• _Aim of the task_
What is wanted is every record, duplicated word for word.

• _Exercise data_
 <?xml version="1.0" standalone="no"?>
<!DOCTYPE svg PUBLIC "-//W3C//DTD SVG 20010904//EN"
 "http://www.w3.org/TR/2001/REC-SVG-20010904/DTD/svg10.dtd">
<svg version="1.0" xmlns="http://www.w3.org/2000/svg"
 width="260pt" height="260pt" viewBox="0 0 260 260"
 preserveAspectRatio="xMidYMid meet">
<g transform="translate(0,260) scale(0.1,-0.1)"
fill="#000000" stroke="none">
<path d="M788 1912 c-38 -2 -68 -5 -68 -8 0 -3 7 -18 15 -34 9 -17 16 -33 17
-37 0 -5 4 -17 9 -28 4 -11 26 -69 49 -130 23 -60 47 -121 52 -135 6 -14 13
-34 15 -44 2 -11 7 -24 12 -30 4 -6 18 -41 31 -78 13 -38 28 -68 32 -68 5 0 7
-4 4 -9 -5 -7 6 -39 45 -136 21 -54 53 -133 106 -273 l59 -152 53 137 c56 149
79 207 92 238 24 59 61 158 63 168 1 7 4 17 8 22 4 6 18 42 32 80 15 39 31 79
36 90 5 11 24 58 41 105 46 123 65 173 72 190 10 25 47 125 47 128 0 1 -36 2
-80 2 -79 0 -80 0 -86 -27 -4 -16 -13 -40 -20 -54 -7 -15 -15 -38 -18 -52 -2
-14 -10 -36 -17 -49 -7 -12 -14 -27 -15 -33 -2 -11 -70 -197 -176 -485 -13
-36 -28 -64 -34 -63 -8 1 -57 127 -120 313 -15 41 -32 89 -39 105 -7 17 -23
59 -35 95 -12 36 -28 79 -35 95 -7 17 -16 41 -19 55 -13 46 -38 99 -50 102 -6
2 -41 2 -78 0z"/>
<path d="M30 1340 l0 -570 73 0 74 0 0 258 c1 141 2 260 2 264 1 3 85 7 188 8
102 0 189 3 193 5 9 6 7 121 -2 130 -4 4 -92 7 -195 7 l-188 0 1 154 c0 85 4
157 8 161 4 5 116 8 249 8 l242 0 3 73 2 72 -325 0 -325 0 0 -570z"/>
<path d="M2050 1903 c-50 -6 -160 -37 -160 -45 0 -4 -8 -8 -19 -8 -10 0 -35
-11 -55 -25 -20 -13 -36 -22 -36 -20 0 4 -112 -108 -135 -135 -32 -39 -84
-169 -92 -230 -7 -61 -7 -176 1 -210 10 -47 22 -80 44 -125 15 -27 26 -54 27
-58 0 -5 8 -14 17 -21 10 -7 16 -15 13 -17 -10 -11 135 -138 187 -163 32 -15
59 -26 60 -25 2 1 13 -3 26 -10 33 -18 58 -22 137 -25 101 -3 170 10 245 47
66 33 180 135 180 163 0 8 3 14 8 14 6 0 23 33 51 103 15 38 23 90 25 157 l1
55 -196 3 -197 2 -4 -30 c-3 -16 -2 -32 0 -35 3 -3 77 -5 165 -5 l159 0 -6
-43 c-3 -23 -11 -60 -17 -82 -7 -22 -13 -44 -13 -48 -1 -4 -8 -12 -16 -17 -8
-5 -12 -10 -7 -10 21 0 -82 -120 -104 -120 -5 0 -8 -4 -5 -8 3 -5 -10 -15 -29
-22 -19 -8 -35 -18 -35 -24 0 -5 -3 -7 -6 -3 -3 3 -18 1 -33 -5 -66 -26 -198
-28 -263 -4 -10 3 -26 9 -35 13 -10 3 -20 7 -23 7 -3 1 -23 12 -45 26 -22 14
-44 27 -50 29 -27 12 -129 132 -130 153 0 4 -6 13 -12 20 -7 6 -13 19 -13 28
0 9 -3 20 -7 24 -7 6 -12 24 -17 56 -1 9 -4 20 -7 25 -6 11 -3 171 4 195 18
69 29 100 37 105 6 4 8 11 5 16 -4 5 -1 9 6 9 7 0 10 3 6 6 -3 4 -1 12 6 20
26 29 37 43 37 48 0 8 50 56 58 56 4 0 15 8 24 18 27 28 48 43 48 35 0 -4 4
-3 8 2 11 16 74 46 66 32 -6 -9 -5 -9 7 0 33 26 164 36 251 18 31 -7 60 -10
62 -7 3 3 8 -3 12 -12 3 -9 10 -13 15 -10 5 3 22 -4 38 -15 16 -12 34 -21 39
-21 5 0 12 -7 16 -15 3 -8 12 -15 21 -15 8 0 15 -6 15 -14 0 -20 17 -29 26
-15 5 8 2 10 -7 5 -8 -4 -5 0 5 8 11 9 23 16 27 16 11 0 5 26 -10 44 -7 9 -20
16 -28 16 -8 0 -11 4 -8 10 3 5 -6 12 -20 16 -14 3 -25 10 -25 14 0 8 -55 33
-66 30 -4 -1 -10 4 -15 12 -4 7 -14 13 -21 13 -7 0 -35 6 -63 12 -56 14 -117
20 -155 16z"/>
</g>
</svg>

• _Solution to this problem_
 <?xml version="1.0" standalone="no"?>
<!DOCTYPE svg PUBLIC "-//W3C//DTD SVG 20010904//EN"
 "http://www.w3.org/TR/2001/REC-SVG-20010904/DTD/svg10.dtd">
<svg version="1.0" xmlns="http://www.w3.org/2000/svg"
 width="260pt" height="260pt" viewBox="0 0 260 260"
 preserveAspectRatio="xMidYMid meet">
<g transform="translate(0,260) scale(0.1,-0.1)"
fill="#000000" stroke="none">
<path d="M788 1912 c-38 -2 -68 -5 -68 -8 0 -3 7 -18 15 -34 9 -17 16 -33 17
-37 0 -5 4 -17 9 -28 4 -11 26 -69 49 -130 23 -60 47 -121 52 -135 6 -14 13
-34 15 -44 2 -11 7 -24 12 -30 4 -6 18 -41 31 -78 13 -38 28 -68 32 -68 5 0 7
-4 4 -9 -5 -7 6 -39 45 -136 21 -54 53 -133 106 -273 l59 -152 53 137 c56 149
79 207 92 238 24 59 61 158 63 168 1 7 4 17 8 22 4 6 18 42 32 80 15 39 31 79
36 90 5 11 24 58 41 105 46 123 65 173 72 190 10 25 47 125 47 128 0 1 -36 2
-80 2 -79 0 -80 0 -86 -27 -4 -16 -13 -40 -20 -54 -7 -15 -15 -38 -18 -52 -2
-14 -10 -36 -17 -49 -7 -12 -14 -27 -15 -33 -2 -11 -70 -197 -176 -485 -13
-36 -28 -64 -34 -63 -8 1 -57 127 -120 313 -15 41 -32 89 -39 105 -7 17 -23
59 -35 95 -12 36 -28 79 -35 95 -7 17 -16 41 -19 55 -13 46 -38 99 -50 102 -6
2 -41 2 -78 0z"/>
<path d="M30 1340 l0 -570 73 0 74 0 0 258 c1 141 2 260 2 264 1 3 85 7 188 8
102 0 189 3 193 5 9 6 7 121 -2 130 -4 4 -92 7 -195 7 l-188 0 1 154 c0 85 4
157 8 161 4 5 116 8 249 8 l242 0 3 73 2 72 -325 0 -325 0 0 -570z"/>
<path d="M2050 1903 c-50 -6 -160 -37 -160 -45 0 -4 -8 -8 -19 -8 -10 0 -35
-11 -55 -25 -20 -13 -36 -22 -36 -20 0 4 -112 -108 -135 -135 -32 -39 -84
-169 -92 -230 -7 -61 -7 -176 1 -210 10 -47 22 -80 44 -125 15 -27 26 -54 27
-58 0 -5 8 -14 17 -21 10 -7 16 -15 13 -17 -10 -11 135 -138 187 -163 32 -15
59 -26 60 -25 2 1 13 -3 26 -10 33 -18 58 -22 137 -25 101 -3 170 10 245 47
66 33 180 135 180 163 0 8 3 14 8 14 6 0 23 33 51 103 15 38 23 90 25 157 l1
55 -196 3 -197 2 -4 -30 c-3 -16 -2 -32 0 -35 3 -3 77 -5 165 -5 l159 0 -6
-43 c-3 -23 -11 -60 -17 -82 -7 -22 -13 -44 -13 -48 -1 -4 -8 -12 -16 -17 -8
-5 -12 -10 -7 -10 21 0 -82 -120 -104 -120 -5 0 -8 -4 -5 -8 3 -5 -10 -15 -29
-22 -19 -8 -35 -18 -35 -24 0 -5 -3 -7 -6 -3 -3 3 -18 1 -33 -5 -66 -26 -198
-28 -263 -4 -10 3 -26 9 -35 13 -10 3 -20 7 -23 7 -3 1 -23 12 -45 26 -22 14
-44 27 -50 29 -27 12 -129 132 -130 153 0 4 -6 13 -12 20 -7 6 -13 19 -13 28
0 9 -3 20 -7 24 -7 6 -12 24 -17 56 -1 9 -4 20 -7 25 -6 11 -3 171 4 195 18
69 29 100 37 105 6 4 8 11 5 16 -4 5 -1 9 6 9 7 0 10 3 6 6 -3 4 -1 12 6 20
26 29 37 43 37 48 0 8 50 56 58 56 4 0 15 8 24 18 27 28 48 43 48 35 0 -4 4
-3 8 2 11 16 74 46 66 32 -6 -9 -5 -9 7 0 33 26 164 36 251 18 31 -7 60 -10
62 -7 3 3 8 -3 12 -12 3 -9 10 -13 15 -10 5 3 22 -4 38 -15 16 -12 34 -21 39
-21 5 0 12 -7 16 -15 3 -8 12 -15 21 -15 8 0 15 -6 15 -14 0 -20 17 -29 26
-15 5 8 2 10 -7 5 -8 -4 -5 0 5 8 11 9 23 16 27 16 11 0 5 26 -10 44 -7 9 -20
16 -28 16 -8 0 -11 4 -8 10 3 5 -6 12 -20 16 -14 3 -25 10 -25 14 0 8 -55 33
-66 30 -4 -1 -10 4 -15 12 -4 7 -14 13 -21 13 -7 0 -35 6 -63 12 -56 14 -117
20 -155 16z"/>
</g>
</svg>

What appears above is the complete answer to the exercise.